A QUANTUM OF SCIENCE

As antibiotic after antibiotic becomes useless, where will we turn to fight the advancing tide of bacterial infection?

Most American adults are aware of the problem of antibiotic resistance: the rapid and aggressive evolution of pathogenic bacteria capable of tolerating even the most potent antibiotics that Western medicine has come up with. Less than a century ago penicillin would knock out any bacterial infection known; today we live in the age of MRSA, a strain of Staphylococcus aureus resistant to not just one but multiple antibiotics. Doctors are running out of ways to prevent even mild infections from becoming life-threatening because bacteria develop resistance can share genetic information with one another, spreading the resistance even further. While there are things we can do to slow the advance of antibiotic resistance, the pace of resistance is accelerating far beyond the ability of pharmaceutical companies to develop new drugs. Is there no hope?

One source of hope may be simpler - and far older - than we think. Mammals have a powerful adaptive immune system to protect them, but what about the lower animals, insects, and plants that lack a sophisticated immune system? How do they avoid succumbing to microbial infections? In the last thirty years scientists have begun to discover that living things have long since developed ways to fight bacteria. One of the most ancient and endemic of these are a class of proteins call antimicrobial peptides (AMP).

First a bit of nomenclature. The majority of your body is made of protein: a polymer of up to 21 different amino acids strung together in long chains. A shorter chain of amino acids (less than a hundred) is called a peptide. Both peptides and proteins have their sequence determined by genes: deoxyribonucleic acid (DNA), which is made up for four basic nucleic acids in repeating sequences. Antimicrobial peptides are encoded by special genes that first evolved, scientists estimate, over a hundred million years ago.
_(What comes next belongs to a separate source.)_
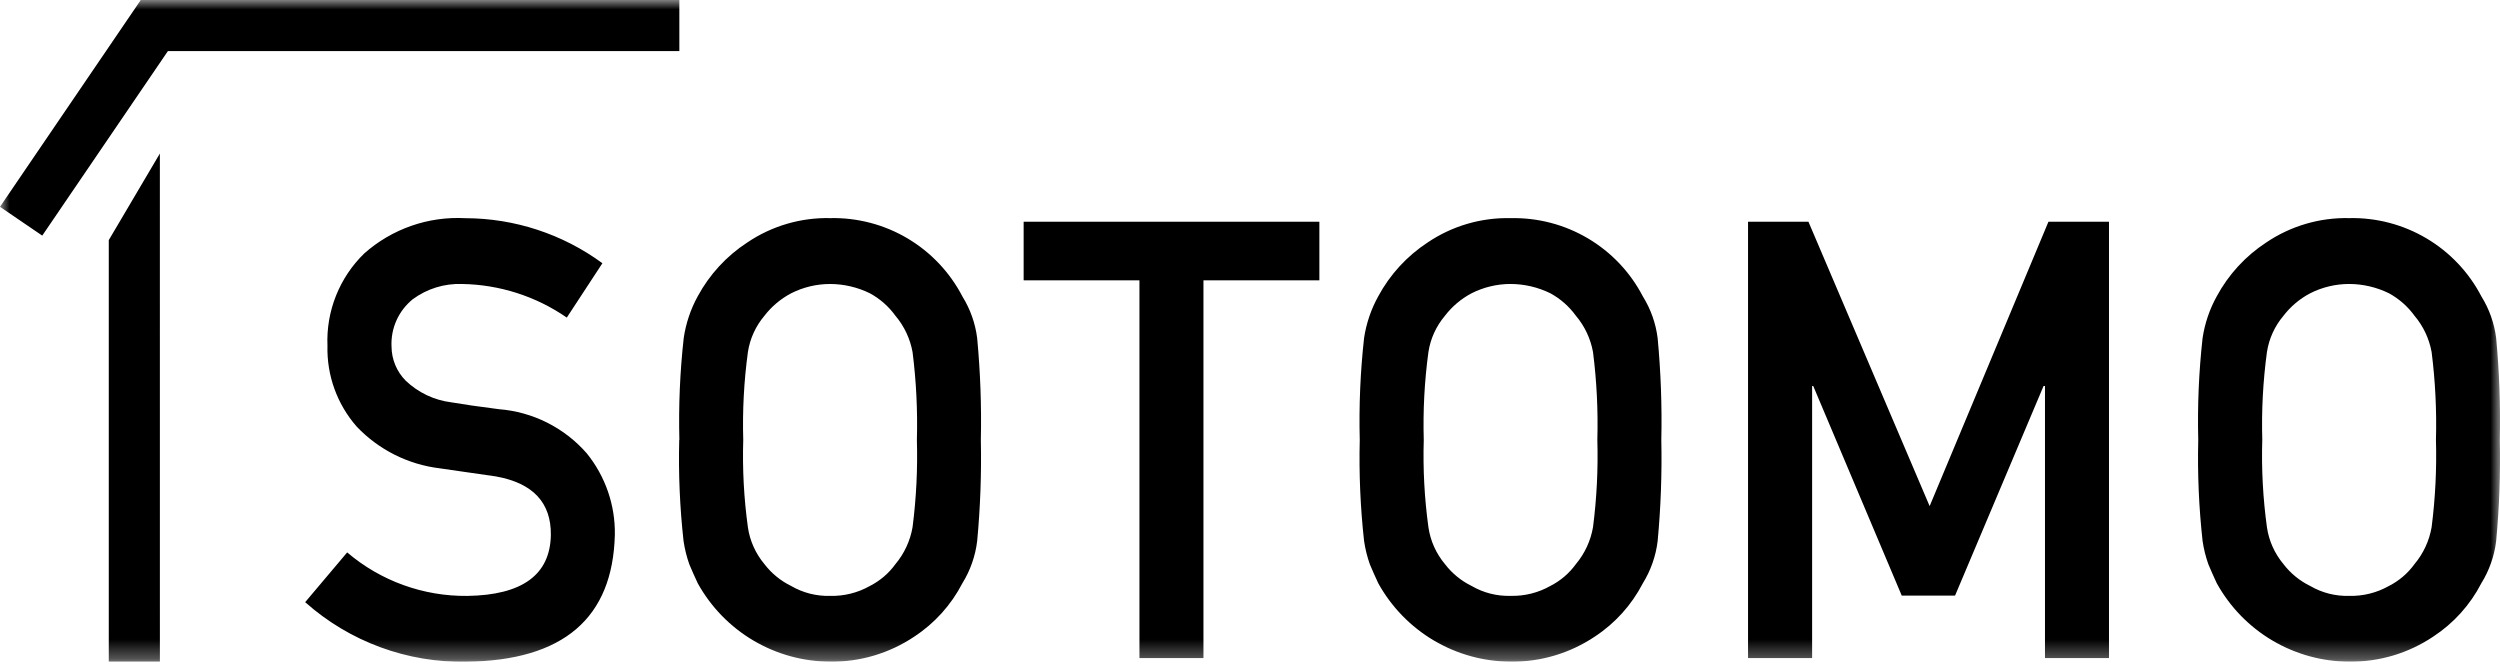 <svg width="131" height="35" viewBox="0 0 131 35" fill="none" xmlns="http://www.w3.org/2000/svg"><g clip-path="url(#clip0_365_406)"><mask id="mask0_365_406" style="mask-type:luminance" maskUnits="userSpaceOnUse" x="0" y="0" width="131" height="35"><path d="M0 0H131V34.676H0V0Z" fill="white"/></mask><g mask="url(#mask0_365_406)"><path d="M18.192 28.946C19.946 30.442 22.183 31.251 24.488 31.226C27.366 31.183 28.825 30.121 28.865 28.039C28.886 26.334 27.923 25.309 25.976 24.963L23.041 24.54C21.383 24.34 19.845 23.567 18.694 22.357C17.667 21.187 17.119 19.674 17.159 18.118C17.122 17.222 17.274 16.328 17.606 15.495C17.938 14.661 18.442 13.907 19.085 13.282C20.539 11.992 22.443 11.327 24.383 11.433C26.967 11.438 29.483 12.265 31.566 13.793L29.7 16.642C28.085 15.525 26.174 14.912 24.21 14.881C23.283 14.848 22.372 15.13 21.627 15.681C21.259 15.979 20.968 16.358 20.775 16.789C20.582 17.22 20.493 17.691 20.516 18.163C20.521 18.833 20.788 19.475 21.261 19.95C21.915 20.573 22.752 20.97 23.648 21.082C24.256 21.187 25.086 21.306 26.138 21.441C27.917 21.579 29.57 22.409 30.744 23.752C31.721 24.958 32.244 26.469 32.218 28.021C32.11 32.393 29.519 34.61 24.445 34.675C21.334 34.736 18.315 33.621 15.991 31.554L18.192 28.946ZM35.599 23.052C35.554 21.268 35.63 19.483 35.827 17.71C35.94 16.943 36.189 16.203 36.562 15.523C37.178 14.385 38.067 13.418 39.151 12.711C40.435 11.841 41.959 11.393 43.509 11.429C44.932 11.399 46.335 11.768 47.559 12.494C48.782 13.221 49.778 14.275 50.433 15.539C50.844 16.202 51.107 16.946 51.204 17.721C51.37 19.492 51.435 21.273 51.396 23.052C51.433 24.82 51.369 26.589 51.204 28.35C51.109 29.136 50.844 29.892 50.427 30.565C49.842 31.698 48.974 32.66 47.908 33.359C46.608 34.23 45.075 34.689 43.509 34.672C42.09 34.668 40.699 34.285 39.477 33.563C38.256 32.841 37.25 31.805 36.562 30.564C36.402 30.22 36.254 29.89 36.123 29.577C35.982 29.179 35.88 28.768 35.818 28.351C35.623 26.592 35.547 24.822 35.591 23.053M38.946 23.053C38.899 24.581 38.981 26.11 39.189 27.625C39.292 28.338 39.593 29.008 40.056 29.56C40.428 30.045 40.907 30.437 41.457 30.705C42.075 31.065 42.782 31.245 43.497 31.224C44.226 31.243 44.947 31.064 45.582 30.705C46.113 30.435 46.572 30.043 46.921 29.56C47.386 29.005 47.695 28.338 47.818 27.625C48.013 26.109 48.089 24.581 48.045 23.053C48.087 21.515 48.011 19.976 47.818 18.45C47.691 17.748 47.382 17.091 46.921 16.546C46.568 16.059 46.111 15.656 45.582 15.368C44.933 15.05 44.221 14.883 43.498 14.881C42.789 14.881 42.09 15.048 41.458 15.368C40.911 15.655 40.433 16.057 40.057 16.546C39.598 17.088 39.298 17.745 39.19 18.447C38.983 19.973 38.901 21.514 38.946 23.053ZM59.707 14.691H53.639V11.618H69.135V14.691H63.061V34.484H59.707V14.691ZM71.251 23.052C71.205 21.268 71.281 19.483 71.478 17.71C71.594 16.942 71.846 16.202 72.222 15.523C72.835 14.386 73.721 13.42 74.801 12.711C76.087 11.84 77.612 11.393 79.164 11.431C80.587 11.4 81.99 11.769 83.215 12.495C84.439 13.221 85.435 14.275 86.09 15.539C86.502 16.202 86.764 16.946 86.861 17.721C87.027 19.492 87.092 21.273 87.053 23.052C87.09 24.82 87.026 26.589 86.861 28.35C86.766 29.136 86.501 29.892 86.084 30.565C85.499 31.698 84.632 32.66 83.566 33.359C82.265 34.231 80.73 34.689 79.164 34.672C77.746 34.667 76.356 34.284 75.135 33.562C73.915 32.84 72.909 31.805 72.222 30.564C72.061 30.22 71.914 29.89 71.783 29.577C71.642 29.179 71.539 28.768 71.478 28.351C71.283 26.592 71.207 24.822 71.251 23.053M74.605 23.053C74.559 24.581 74.641 26.11 74.849 27.625C74.952 28.338 75.253 29.008 75.716 29.56C76.087 30.044 76.565 30.436 77.113 30.704C77.731 31.064 78.438 31.244 79.153 31.223C79.882 31.242 80.603 31.063 81.238 30.704C81.769 30.434 82.229 30.042 82.577 29.559C83.042 29.004 83.351 28.337 83.474 27.624C83.669 26.108 83.745 24.579 83.701 23.052C83.743 21.514 83.668 19.975 83.474 18.449C83.347 17.747 83.038 17.09 82.577 16.545C82.224 16.058 81.767 15.656 81.238 15.367C80.589 15.049 79.876 14.882 79.153 14.88C78.444 14.88 77.745 15.047 77.113 15.367C76.567 15.654 76.091 16.056 75.716 16.545C75.257 17.087 74.957 17.744 74.849 18.446C74.642 19.972 74.561 21.513 74.605 23.052M91.597 11.618H94.762L101.113 26.521L107.339 11.618H110.511V34.484H107.157V20.228H107.082L102.445 31.209H99.651L95.014 20.228H94.955V34.484H91.597V11.618ZM115.188 23.052C115.143 21.268 115.219 19.483 115.416 17.71C115.532 16.942 115.784 16.202 116.16 15.523C116.774 14.386 117.662 13.419 118.744 12.711C120.028 11.841 121.552 11.393 123.102 11.429C124.525 11.398 125.928 11.767 127.152 12.493C128.377 13.219 129.373 14.274 130.028 15.537C130.44 16.2 130.702 16.944 130.799 17.719C130.965 19.491 131.03 21.271 130.991 23.05C131.028 24.818 130.964 26.587 130.799 28.348C130.704 29.134 130.439 29.89 130.022 30.563C129.437 31.696 128.57 32.658 127.503 33.357C126.203 34.23 124.669 34.688 123.102 34.672C121.684 34.667 120.294 34.284 119.073 33.562C117.853 32.84 116.847 31.805 116.16 30.564C116 30.22 115.852 29.89 115.721 29.577C115.58 29.179 115.477 28.768 115.416 28.351C115.221 26.592 115.145 24.822 115.188 23.053M118.543 23.053C118.497 24.581 118.579 26.11 118.787 27.625C118.89 28.338 119.191 29.008 119.654 29.56C120.025 30.045 120.505 30.437 121.055 30.705C121.673 31.065 122.38 31.245 123.095 31.224C123.824 31.243 124.546 31.063 125.181 30.704C125.712 30.434 126.171 30.042 126.52 29.559C126.985 29.004 127.294 28.337 127.417 27.624C127.611 26.108 127.687 24.579 127.644 23.052C127.686 21.514 127.61 19.975 127.417 18.449C127.29 17.747 126.981 17.09 126.52 16.545C126.167 16.058 125.709 15.656 125.181 15.367C124.532 15.049 123.819 14.882 123.096 14.88C122.387 14.88 121.688 15.047 121.056 15.367C120.509 15.654 120.031 16.056 119.655 16.545C119.196 17.087 118.896 17.744 118.788 18.446C118.581 19.972 118.499 21.513 118.544 23.052M8.378 34.676H5.7V12.582L8.377 8.045L8.378 34.676ZM-0.001 10.837L7.381 -0.006L9.597 1.503L2.214 12.346L-0.001 10.837Z" fill="black"/><path d="M7.378 0H35.598V2.677H7.378V0Z" fill="black"/></g></g><defs><clipPath id="clip0_365_406"><rect width="131" height="34.676" fill="white"/></clipPath></defs></svg>

Scientists now know of over nine hundred antimicrobial peptides, and the number is growing at an exponential rate. The diversity of these peptides is astounding: even closely related species have a different set of AMP that little resemble those of even their closest evolutionary siblings. And almost every animal or insect examined has not merely one, but a palette of antimicrobial peptides in their genome, expressed as peptides found in epithelial tissues, blood cells, haemolymph and saliva. Not only the sequence of these peptides is diverse. Their structure also spans an amazing range of shapes, sizes and architectures. Some resemble a helix, others form two-dimensional sheets, and still others form complex rings and branches through multiple internal bonds. Further, many of these AMPs are processed by the cell after being translated from genes into peptides: glycosylation, amidation, halogenation and proteolytic cleavage are common modifications. Given the diversity of genes and structures, scientists have spent a long time trying to understand the unique effectiveness of AMP in combating microbial infections.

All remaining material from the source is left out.